Best Single Comic Book Issues of 2018

By Zack Quaintance — It is, perhaps, telling that the majority of picks for our Best Single Comic Book Issues of 2018 list are essentially self-contained. Six, to be exact, with a case to be made that at least one of the others could stand on its own, too. In an industry where many creators put out installments best consumed as part of a collected trade, a truly well-done story with a real beginning, middle, end stands out.

At least, that’s definitely what we found this year in evaluating our picks. We’re pretty happy with about it too, in part because it makes re-visiting these issues all the easier. Anyway, the below list contains stories about iconic characters like Wonder Woman, the existential horrors of decisions in life, the writer’s ego, and recovering from trauma. I hope you’ll see some favorites on here and also find new comics, regardless of whether you’re caught up on a book or have plans to continue forward.
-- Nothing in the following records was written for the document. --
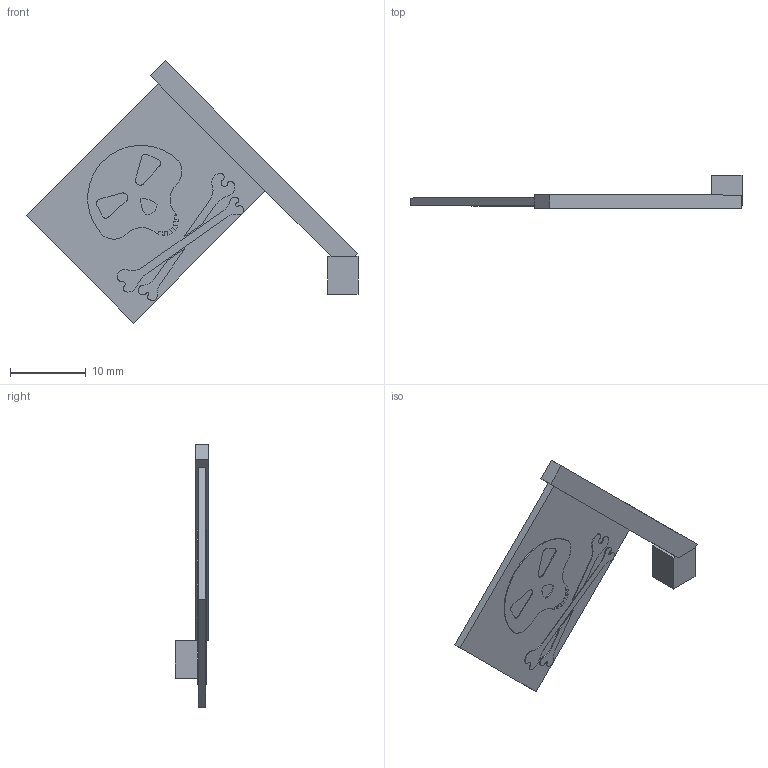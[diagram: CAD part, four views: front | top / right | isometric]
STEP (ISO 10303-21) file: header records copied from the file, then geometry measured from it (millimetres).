
FILE_DESCRIPTION(/* description */ ('STEP AP242 Edition 2','CAx-IF Rec.Pracs.---Representation and Presentation of Product Manufacturing Information (PMI)---4.0---2014-10-13','CAx-IF Rec.Pracs.---3D Tessellated Geometry---0.4---2014-09-14','2;1','CAx-IF Rec.Pracs.---User Defined Attributes---1.5---2016-08-15'),/* implementation_level */ '2;1');
FILE_NAME(/* name */ '69493d946c34872c9ada20bb',/* time_stamp */ '2025-12-22T12:46:13Z',/* author */ (''),/* organization */ (''),/* preprocessor_version */ 'ST-DEVELOPER v20',/* originating_system */ 'ONSHAPE BY PTC INC, 1.208',/* authorisation */ ' ');
FILE_SCHEMA (('AP242_MANAGED_MODEL_BASED_3D_ENGINEERING_MIM_LF { 1 0 10303 442 3 1 4 }'));
Length unit declared in the file: metre
Products named in the file (1): Backflag
Bounding box: 43.72 x 4.4 x 34.52 mm (x, y, z)
Volume: 777.1 mm3; surface area: 1502.7 mm2
Topology: 1 solids, 1 shells, 186 faces, 505 edges, 336 vertices
Faces by surface type: cylinder 96, plane 90
Entity records: 5947 total; most frequent: DIRECTION 1071, CARTESIAN_POINT 1028, ORIENTED_EDGE 1010, EDGE_CURVE 505, AXIS2_PLACEMENT_3D 379, VERTEX_POINT 336, LINE 313, VECTOR 313

Let’s check out this year’s list!

Best Single Comic Book Issues of 2018

Action Comics #1004
Writer:
Brian Michael Bendis
Artist: Ryan Sook
Colorist: Brad Anderson
Inker: Wade Von Grawbadger
Letterer: Josh Reed
Publisher: DC Comics
Release Date: 10/24/2018
Why It’s So Good: It’s about the most iconic romance in comics: Clark Kent and Lois Lane. It’s also the first time Bendis gives extended play to the relationship during his current (and excellent) Superman run. What Bendis is doing is breaking down Superman’s central characteristics and building them back up for 2018. That’s definitely what he does here, giving us Lois as an aspiring author and Clark as the supportive (if occasionally long distance) husband. Cards on the table: this whole thing hits close to home with me. My wife is a reporter for the LA Times, and we’ve spent roughly three months total apart due to work in recent years. The reunion in this story felt true-to-life and romantic as all get out. As such, I absolutely loved it.

Batman Annual #3
Writer:
Tom Taylor
Artist: Otto Schmidt
Letterer: A Larger World’s Troy Peteri
Publisher:
DC Comics
Release Date: 12/12/2018
Why It’s So Good: I haven’t said this in a week or so (what with the holidays and all), so I’ll say it now: Tom Taylor is the most underrated writer of corporate superhero comics today. It continues to boggle my mind that neither DC nor Marvel has locked this massive talent up with an exclusive deal and given him the keys to a massive franchise. Not the fourth Spider-Man, third X-Men, or alternate Batman hates Superman comic, but an honest to goodness flagship comic. He really is that good, and comics like Batman Annual #3 show why. This one-off is a stand-alone story that thematically ties to an exploration of fatherhood taking place in the main title, and Taylor absolutely crushes it. There’s a re-telling of the Batman origin through Alfred’s eyes that had me in tears within three pages and an ending that depicts the Alfred-Bruce dynamic in a way that had never occurred to me, suggesting that the stubbornness of Batman’s war on crime is a byproduct of Alfred setting such a noble example of necessary servitude throughout Bruce’s childhood. Put simply, it’s brilliant heartrending stuff.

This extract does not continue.